A brief history of pain management
In the 1600s, European doctors provided opium to alleviate pain in their patients. By 1680, opium was combined with sherry in a mixture known as laudanum.
Moving into the 1800s, morphine was industrially produced, and ether and chloroform began seeing use as anaesthetics for surgery and childbirth.
A debate arose on the ethicality and suitability of operating on unconscious patients, fuelled by concerns that pain relief could hinder the healing process.
Religious writers, for example, believed that inflicted pain strengthened faith and taught new mothers the need for self-sacrifice for their children. Physicians aimed to reduce pain, but also saw it as a symptom of vitality and a sign that a prescription was effective.

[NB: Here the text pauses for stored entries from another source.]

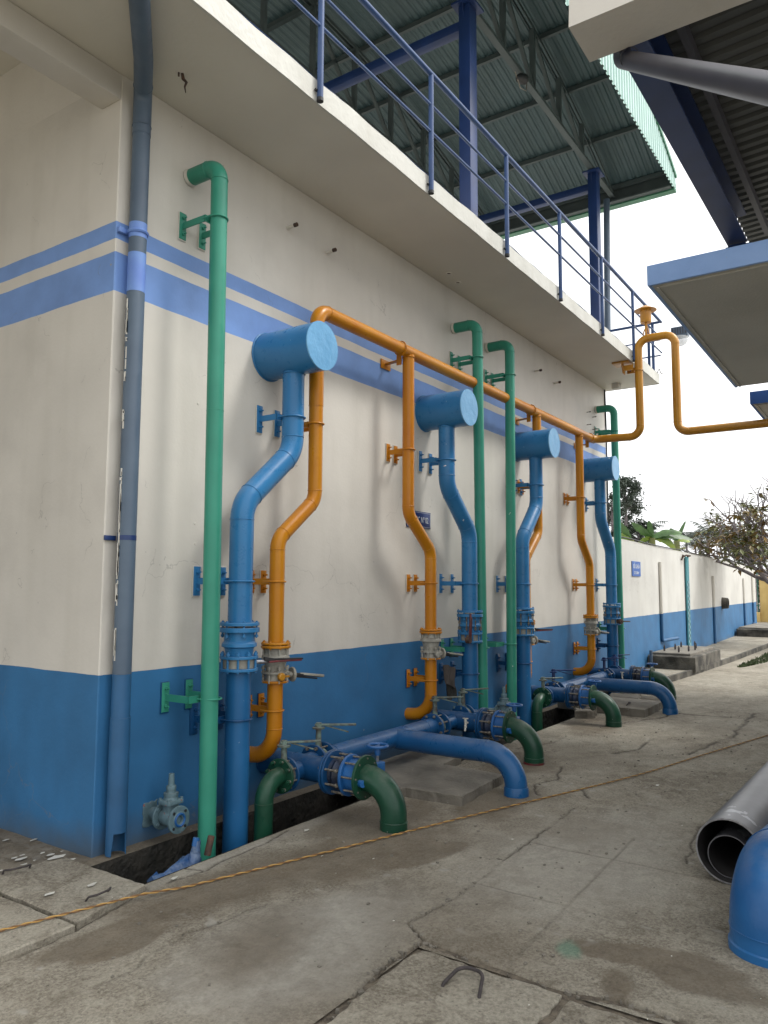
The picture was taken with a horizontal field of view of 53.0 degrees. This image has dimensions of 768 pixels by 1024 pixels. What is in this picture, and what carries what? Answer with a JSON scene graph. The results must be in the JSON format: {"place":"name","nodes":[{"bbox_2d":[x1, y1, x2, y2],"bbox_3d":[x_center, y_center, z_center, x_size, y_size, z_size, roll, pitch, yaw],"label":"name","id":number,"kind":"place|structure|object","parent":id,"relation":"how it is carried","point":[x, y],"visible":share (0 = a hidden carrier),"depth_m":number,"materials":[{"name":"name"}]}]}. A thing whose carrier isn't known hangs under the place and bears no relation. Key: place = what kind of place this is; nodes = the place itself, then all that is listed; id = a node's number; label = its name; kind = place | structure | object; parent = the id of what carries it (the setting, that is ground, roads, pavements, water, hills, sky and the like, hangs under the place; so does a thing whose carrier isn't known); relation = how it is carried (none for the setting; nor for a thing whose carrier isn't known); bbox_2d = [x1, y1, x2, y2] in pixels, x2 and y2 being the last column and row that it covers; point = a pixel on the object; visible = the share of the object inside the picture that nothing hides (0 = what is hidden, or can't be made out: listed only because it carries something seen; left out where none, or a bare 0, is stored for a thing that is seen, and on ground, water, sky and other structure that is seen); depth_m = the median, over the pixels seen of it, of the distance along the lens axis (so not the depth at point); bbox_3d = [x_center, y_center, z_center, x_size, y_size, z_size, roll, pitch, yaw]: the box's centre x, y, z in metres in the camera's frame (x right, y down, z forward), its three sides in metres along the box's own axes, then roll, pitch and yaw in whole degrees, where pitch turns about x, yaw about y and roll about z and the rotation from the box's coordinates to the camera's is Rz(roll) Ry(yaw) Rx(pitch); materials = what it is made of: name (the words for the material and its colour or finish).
{"place":"outdoors","nodes":[
{"label":"outdoors","id":0,"kind":"place"},
{"bbox_2d":[0,685,767,1023],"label":"pavement","id":1,"kind":"structure","parent":0,"point":[242,959],"depth_m":3.90,"materials":[{"name":"concrete"}]},
{"bbox_2d":[0,896,74,961],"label":"trench cover","id":2,"kind":"object","parent":1,"relation":"on","point":[20,939],"visible":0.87,"depth_m":3.55,"materials":[{"name":"concrete"}]},
{"bbox_2d":[0,857,144,930],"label":"trench cover","id":3,"kind":"object","parent":1,"relation":"on","point":[67,880],"visible":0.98,"depth_m":4.01,"materials":[{"name":"concrete"}]},
{"bbox_2d":[3,691,633,897],"bbox_3d":[0.941,2.778,7.766,0.455,0.854,10.750,-3,-7,34],"label":"trench","id":4,"kind":"object","parent":1,"relation":"in","point":[143,865],"depth_m":5.21,"materials":[{"name":"concrete"}]},
{"bbox_2d":[147,835,214,881],"bbox_3d":[-1.188,2.037,4.453,0.162,0.258,0.447,-3,-7,34],"label":"wrapped valve","id":5,"kind":"object","parent":4,"relation":"in","point":[193,857],"visible":0.59,"depth_m":4.50,"materials":[{"name":"blue plastic"}]},
{"bbox_2d":[0,781,760,1019],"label":"paint flakes","id":6,"kind":"object","parent":1,"relation":"on","point":[59,856],"visible":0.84,"depth_m":4.46,"materials":[{"name":"white paint"}]},
{"bbox_2d":[0,735,767,931],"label":"twisted cord","id":7,"kind":"object","parent":1,"relation":"on","point":[151,892],"visible":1,"depth_m":4.53,"materials":[{"name":"brown fabric"}]},
{"bbox_2d":[72,711,760,1023],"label":"grit","id":8,"kind":"object","parent":1,"relation":"on","point":[360,991],"visible":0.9,"depth_m":3.42,"materials":[{"name":"concrete"}]},
{"bbox_2d":[371,751,503,805],"bbox_3d":[0.394,2.183,6.376,1.141,0.075,1.360,-3,-7,34],"label":"pit cover","id":9,"kind":"object","parent":1,"relation":"on","point":[433,778],"visible":0.55,"depth_m":6.14,"materials":[{"name":"concrete"}]},
{"bbox_2d":[314,943,684,1023],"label":"soil","id":10,"kind":"structure","parent":1,"relation":"on","point":[549,1019],"depth_m":3.01,"materials":[{"name":"brown soil"}]},
{"bbox_2d":[327,951,561,1023],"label":"trench cover","id":11,"kind":"object","parent":10,"relation":"on","point":[406,989],"visible":1,"depth_m":2.99,"materials":[{"name":"concrete"}]},
{"bbox_2d":[550,1000,639,1023],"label":"trench cover","id":12,"kind":"object","parent":10,"relation":"on","point":[571,1012],"visible":1,"depth_m":2.88,"materials":[{"name":"concrete"}]},
{"bbox_2d":[574,706,596,718],"bbox_3d":[2.500,2.480,9.547,0.260,0.100,0.486,-2,-6,19],"label":"concrete lump","id":13,"kind":"object","parent":1,"relation":"on","point":[580,713],"visible":0.66,"depth_m":9.36,"materials":[{"name":"grey concrete"}]},
{"bbox_2d":[557,697,662,717],"bbox_3d":[2.962,2.522,10.130,1.172,0.133,0.880,-3,-7,34],"label":"pit cover","id":14,"kind":"object","parent":1,"relation":"on","point":[642,708],"visible":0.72,"depth_m":9.77,"materials":[{"name":"concrete"}]},
{"bbox_2d":[609,693,640,698],"bbox_3d":[3.363,2.605,10.753,0.432,0.090,0.478,-2,-6,19],"label":"concrete lump","id":15,"kind":"object","parent":1,"relation":"on","point":[628,695],"visible":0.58,"depth_m":10.73,"materials":[{"name":"grey concrete"}]},
{"bbox_2d":[696,762,767,884],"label":"steel pipe","id":16,"kind":"object","parent":1,"relation":"on","point":[745,805],"visible":0.62,"depth_m":4.41,"materials":[{"name":"grey metal"}]},
{"bbox_2d":[707,821,751,878],"bbox_3d":[3.354,2.088,6.235,0.228,0.228,5.000,-4,-7,36],"label":"steel pipe","id":17,"kind":"object","parent":16,"relation":"in","point":[727,843],"visible":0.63,"depth_m":4.37,"materials":[{"name":"black metal"}]},
{"bbox_2d":[728,824,767,968],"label":"blue elbow pipe","id":18,"kind":"object","parent":1,"relation":"on","point":[748,925],"visible":0.99,"depth_m":3.38,"materials":[{"name":"paint"}]},
{"bbox_2d":[503,132,767,574],"label":"sky","id":19,"kind":"structure","parent":0,"point":[678,470],"materials":[{"name":"white"}]},
{"bbox_2d":[569,0,767,418],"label":"building","id":20,"kind":"structure","parent":0,"point":[715,303],"depth_m":6.26,"materials":[{"name":"grey paint"}]},
{"bbox_2d":[671,326,689,345],"bbox_3d":[4.788,-2.862,12.640,0.404,0.315,0.260,-3,-7,34],"label":"floodlight","id":21,"kind":"object","parent":20,"relation":"attached to","point":[681,334],"visible":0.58,"depth_m":12.52,"materials":[{"name":"white plastic"}]},
{"bbox_2d":[613,46,767,105],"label":"grey drain pipe","id":22,"kind":"object","parent":20,"relation":"attached to","point":[748,84],"visible":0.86,"depth_m":3.49,"materials":[{"name":"plastic"}]},
{"bbox_2d":[646,622,767,675],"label":"apron pavement","id":23,"kind":"structure","parent":0,"point":[732,646],"depth_m":19.79,"materials":[{"name":"concrete"}]},
{"bbox_2d":[649,650,652,667],"bbox_3d":[4.985,2.751,14.367,0.060,0.340,0.057,-3,-7,34],"label":"vent pipe","id":24,"kind":"object","parent":23,"relation":"on","point":[651,655],"visible":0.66,"depth_m":14.35,"materials":[{"name":"blue plastic"}]},
{"bbox_2d":[648,641,720,672],"bbox_3d":[5.951,2.814,15.185,0.863,0.439,2.319,-3,-7,34],"label":"inspection pit","id":25,"kind":"object","parent":23,"relation":"on","point":[695,658],"visible":0.97,"depth_m":14.39,"materials":[{"name":"concrete"}]},
{"bbox_2d":[736,623,767,636],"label":"inspection pit","id":26,"kind":"object","parent":23,"relation":"on","point":[756,630],"visible":0.94,"depth_m":23.74,"materials":[{"name":"concrete"}]},
{"bbox_2d":[672,603,767,691],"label":"ground","id":27,"kind":"structure","parent":0,"point":[731,675],"depth_m":13.70,"materials":[{"name":"concrete"}]},
{"bbox_2d":[0,0,659,857],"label":"filter building","id":28,"kind":"structure","parent":27,"relation":"on","point":[264,128],"depth_m":5.52,"materials":[{"name":"beige paint"}]},
{"bbox_2d":[104,0,152,856],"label":"downpipe","id":29,"kind":"object","parent":28,"relation":"attached to","point":[120,717],"visible":1,"depth_m":4.73,"materials":[{"name":"blue plastic"}]},
{"bbox_2d":[148,773,189,833],"bbox_3d":[-1.361,1.814,4.828,0.266,0.350,0.166,-3,-7,34],"label":"gate valve","id":30,"kind":"object","parent":28,"relation":"attached to","point":[170,813],"visible":1,"depth_m":4.77,"materials":[{"name":"grey metal"}]},
{"bbox_2d":[175,69,187,92],"bbox_3d":[-1.312,-2.772,4.964,0.070,0.132,0.073,-3,-7,34],"label":"rusty hook","id":31,"kind":"object","parent":28,"relation":"hanging from","point":[181,73],"visible":1,"depth_m":4.96,"materials":[{"name":"metal"}]},
{"bbox_2d":[160,160,228,860],"bbox_3d":[-1.218,0.199,5.093,0.366,5.262,0.273,-3,-7,34],"label":"green overflow pipe","id":32,"kind":"object","parent":28,"relation":"attached to","point":[207,697],"visible":1,"depth_m":5.02,"materials":[{"name":"metal"}]},
{"bbox_2d":[189,321,337,852],"bbox_3d":[-0.836,0.714,5.463,0.545,4.310,0.910,-3,-7,34],"label":"blue inlet riser","id":33,"kind":"object","parent":28,"relation":"attached to","point":[291,357],"visible":0.97,"depth_m":5.25,"materials":[{"name":"metal"}]},
{"bbox_2d":[286,222,298,229],"bbox_3d":[-0.745,-2.323,6.254,0.107,0.034,0.034,-3,-7,34],"label":"pipe stub","id":34,"kind":"object","parent":28,"relation":"attached to","point":[296,224],"visible":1,"depth_m":6.24,"materials":[{"name":"beige paint"}]},
{"bbox_2d":[325,248,336,253],"bbox_3d":[-0.459,-2.261,6.673,0.107,0.034,0.034,-3,-7,34],"label":"pipe stub","id":35,"kind":"object","parent":28,"relation":"attached to","point":[331,250],"visible":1,"depth_m":6.66,"materials":[{"name":"beige paint"}]},
{"bbox_2d":[254,688,544,840],"bbox_3d":[0.405,2.316,6.245,1.581,1.380,3.333,-3,-7,34],"label":"outlet manifold","id":36,"kind":"object","parent":28,"relation":"attached to","point":[353,767],"visible":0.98,"depth_m":5.85,"materials":[{"name":"blue paint"}]},
{"bbox_2d":[453,691,466,708],"bbox_3d":[0.730,1.964,7.741,0.264,0.325,0.117,-3,-7,34],"label":"gate valve","id":37,"kind":"object","parent":36,"relation":"attached to","point":[459,702],"visible":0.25,"depth_m":7.71,"materials":[{"name":"grey metal"}]},
{"bbox_2d":[488,687,511,713],"bbox_3d":[1.203,1.977,7.939,0.266,0.350,0.166,-3,-7,34],"label":"gate valve","id":38,"kind":"object","parent":36,"relation":"attached to","point":[502,703],"visible":0.35,"depth_m":7.89,"materials":[{"name":"grey metal"}]},
{"bbox_2d":[406,511,430,528],"bbox_3d":[0.349,0.076,7.746,0.012,0.165,0.455,-3,-7,34],"label":"wall sign","id":39,"kind":"object","parent":28,"relation":"attached to","point":[424,518],"visible":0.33,"depth_m":7.83,"materials":[{"name":"blue metal"}]},
{"bbox_2d":[415,389,482,759],"bbox_3d":[0.743,0.945,7.803,0.525,4.310,0.803,-3,-7,34],"label":"blue inlet riser","id":40,"kind":"object","parent":28,"relation":"attached to","point":[446,414],"visible":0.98,"depth_m":7.85,"materials":[{"name":"metal"}]},
{"bbox_2d":[443,665,456,699],"bbox_3d":[0.654,1.695,7.680,0.059,0.348,0.235,-3,-7,34],"label":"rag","id":41,"kind":"object","parent":40,"relation":"hanging from","point":[449,671],"visible":0.94,"depth_m":7.68,"materials":[{"name":"grey fabric"}]},
{"bbox_2d":[226,0,676,329],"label":"steel roof shelter","id":42,"kind":"object","parent":28,"relation":"on","point":[574,132],"visible":0.23,"depth_m":12.20,"materials":[{"name":"grey paint"}]},
{"bbox_2d":[515,71,528,90],"bbox_3d":[1.857,-5.840,10.415,0.140,0.277,0.410,-3,-7,34],"label":"broken lamp","id":43,"kind":"object","parent":42,"relation":"hanging from","point":[522,78],"visible":1,"depth_m":10.36,"materials":[{"name":"grey metal"}]},
{"bbox_2d":[440,320,489,708],"bbox_3d":[0.866,0.502,8.161,0.366,5.263,0.476,-3,-7,34],"label":"green overflow pipe","id":44,"kind":"object","parent":28,"relation":"attached to","point":[476,357],"visible":0.81,"depth_m":8.21,"materials":[{"name":"metal"}]},
{"bbox_2d":[291,0,662,373],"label":"walkway railing","id":45,"kind":"object","parent":28,"relation":"attached to","point":[396,36],"visible":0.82,"depth_m":7.15,"materials":[{"name":"blue metal"}]},
{"bbox_2d":[484,340,516,739],"bbox_3d":[1.322,0.568,8.832,0.366,5.263,0.503,-3,-7,34],"label":"green overflow pipe","id":46,"kind":"object","parent":28,"relation":"attached to","point":[509,375],"visible":0.75,"depth_m":8.84,"materials":[{"name":"metal"}]},
{"bbox_2d":[249,305,767,762],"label":"orange pipe network","id":47,"kind":"object","parent":28,"relation":"attached to","point":[275,674],"visible":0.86,"depth_m":7.25,"materials":[{"name":"paint"}]},
{"bbox_2d":[495,428,559,726],"bbox_3d":[1.763,1.094,9.313,0.515,4.310,0.843,-3,-7,34],"label":"blue inlet riser","id":48,"kind":"object","parent":28,"relation":"attached to","point":[535,447],"visible":0.87,"depth_m":9.14,"materials":[{"name":"metal"}]},
{"bbox_2d":[531,654,677,731],"bbox_3d":[3.054,2.701,10.143,1.581,1.380,3.556,-3,-7,34],"label":"outlet manifold","id":49,"kind":"object","parent":28,"relation":"attached to","point":[583,692],"visible":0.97,"depth_m":9.70,"materials":[{"name":"blue paint"}]},
{"bbox_2d":[583,456,629,694],"bbox_3d":[3.389,1.330,11.706,0.515,4.310,0.850,-3,-7,34],"label":"blue inlet riser","id":50,"kind":"object","parent":28,"relation":"attached to","point":[599,472],"visible":0.84,"depth_m":11.72,"materials":[{"name":"metal"}]},
{"bbox_2d":[594,405,625,692],"bbox_3d":[3.536,0.889,12.089,0.366,5.263,0.446,-3,-7,34],"label":"green overflow pipe","id":51,"kind":"object","parent":28,"relation":"attached to","point":[611,410],"visible":0.74,"depth_m":12.12,"materials":[{"name":"metal"}]},
{"bbox_2d":[607,490,625,536],"bbox_3d":[10.113,1.954,33.899,1.137,5.869,1.286,-2,-6,19],"label":"leafy tree","id":52,"kind":"object","parent":27,"relation":"on","point":[610,496],"visible":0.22,"depth_m":33.95,"materials":[{"name":"green plant"}]},
{"bbox_2d":[621,522,633,540],"bbox_3d":[6.936,1.992,21.938,0.639,3.469,0.395,-2,-6,25],"label":"banana plant","id":53,"kind":"object","parent":27,"relation":"on","point":[625,531],"visible":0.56,"depth_m":22.02,"materials":[{"name":"green plant"}]},
{"bbox_2d":[609,474,650,525],"bbox_3d":[11.210,1.561,35.721,2.295,7.004,1.636,3,-6,-24],"label":"leafy tree","id":54,"kind":"object","parent":27,"relation":"on","point":[631,502],"visible":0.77,"depth_m":35.78,"materials":[{"name":"green plant"}]},
{"bbox_2d":[610,520,667,537],"bbox_3d":[12.550,2.786,37.886,2.728,4.973,3.292,-3,-7,34],"label":"palm tree","id":55,"kind":"object","parent":27,"relation":"on","point":[660,526],"visible":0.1,"depth_m":37.87,"materials":[{"name":"green plant"}]},
{"bbox_2d":[621,516,657,544],"bbox_3d":[10.848,2.462,32.821,1.699,4.662,1.501,-3,-7,34],"label":"leafy tree","id":56,"kind":"object","parent":27,"relation":"on","point":[630,528],"visible":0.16,"depth_m":32.79,"materials":[{"name":"green plant"}]},
{"bbox_2d":[632,521,692,549],"bbox_3d":[8.685,2.094,23.889,1.978,3.654,0.380,0,-5,-2],"label":"banana plant","id":57,"kind":"object","parent":27,"relation":"on","point":[663,536],"visible":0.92,"depth_m":23.99,"materials":[{"name":"green plant"}]},
{"bbox_2d":[670,521,689,550],"bbox_3d":[10.364,2.265,26.862,0.596,3.894,0.473,-3,-7,34],"label":"banana plant","id":58,"kind":"object","parent":27,"relation":"on","point":[677,542],"visible":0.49,"depth_m":26.96,"materials":[{"name":"green plant"}]},
{"bbox_2d":[667,530,698,550],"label":"palm tree","id":59,"kind":"object","parent":27,"relation":"on","point":[684,534],"visible":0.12,"depth_m":51.92,"materials":[{"name":"green plant"}]},
{"bbox_2d":[612,536,756,668],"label":"boundary wall","id":60,"kind":"structure","parent":27,"relation":"on","point":[671,597],"depth_m":17.09,"materials":[{"name":"white paint"}]},
{"bbox_2d":[631,561,640,575],"bbox_3d":[4.617,1.041,14.094,0.014,0.270,0.600,-3,-6,32],"label":"wall sign","id":61,"kind":"object","parent":60,"relation":"attached to","point":[636,568],"visible":1,"depth_m":14.07,"materials":[{"name":"blue metal"}]},
{"bbox_2d":[681,538,706,553],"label":"palm tree","id":62,"kind":"object","parent":27,"relation":"on","point":[689,543],"visible":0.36,"depth_m":43.55,"materials":[{"name":"green plant"}]},
{"bbox_2d":[681,532,712,554],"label":"palm tree","id":63,"kind":"object","parent":27,"relation":"on","point":[692,537],"visible":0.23,"depth_m":45.91,"materials":[{"name":"plant"}]},
{"bbox_2d":[687,516,736,546],"bbox_3d":[16.884,2.842,39.766,2.518,5.258,2.595,-3,-7,34],"label":"palm tree","id":64,"kind":"object","parent":27,"relation":"on","point":[700,527],"visible":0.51,"depth_m":39.92,"materials":[{"name":"green plant"}]},
{"bbox_2d":[667,643,767,681],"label":"kerb","id":65,"kind":"structure","parent":27,"relation":"on","point":[680,675],"depth_m":15.69,"materials":[{"name":"concrete"}]},
{"bbox_2d":[678,477,767,583],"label":"frangipani tree","id":66,"kind":"object","parent":27,"relation":"on","point":[750,551],"visible":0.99,"depth_m":19.98,"materials":[{"name":"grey plant"}]},
{"bbox_2d":[715,538,767,611],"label":"leafy tree","id":67,"kind":"object","parent":27,"relation":"on","point":[744,564],"visible":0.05,"depth_m":39.73,"materials":[{"name":"plant"}]},
{"bbox_2d":[737,652,767,667],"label":"ground cover","id":68,"kind":"object","parent":27,"relation":"on","point":[751,662],"visible":1,"depth_m":16.37,"materials":[{"name":"green plant"}]},
{"bbox_2d":[755,565,766,611],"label":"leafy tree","id":69,"kind":"object","parent":27,"relation":"on","point":[758,592],"visible":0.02,"depth_m":45.09,"materials":[{"name":"plant"}]},
{"bbox_2d":[757,575,767,621],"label":"ochre gate wall","id":70,"kind":"structure","parent":27,"relation":"on","point":[762,615],"depth_m":33.80,"materials":[{"name":"paint"}]},
{"bbox_2d":[756,573,759,611],"bbox_3d":[15.661,3.583,34.652,2.200,1.800,0.050,-3,-7,34],"label":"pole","id":71,"kind":"object","parent":70,"relation":"on","point":[758,605],"visible":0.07,"depth_m":34.04,"materials":[{"name":"metal"}]},
{"bbox_2d":[699,525,741,558],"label":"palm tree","id":72,"kind":"object","parent":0,"point":[715,538],"visible":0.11,"depth_m":42.18,"materials":[{"name":"green plant"}]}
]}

Attitudes shifted in the early 1800s, with surgeons taking pride in minimizing pain during and after surgery. Patients no longer had to endure surgeries while conscious, enabling more complex procedures.
Ultimately, pain relief was recognized as valuable, albeit secondary to curative treatment. This controversy highlights how cultural meanings often complicate pain treatment.
In 1855, Alexander Woods devised the hypodermic syringe as we know it, with a hollow needle for subcutaneous injections, facilitating frequent administration.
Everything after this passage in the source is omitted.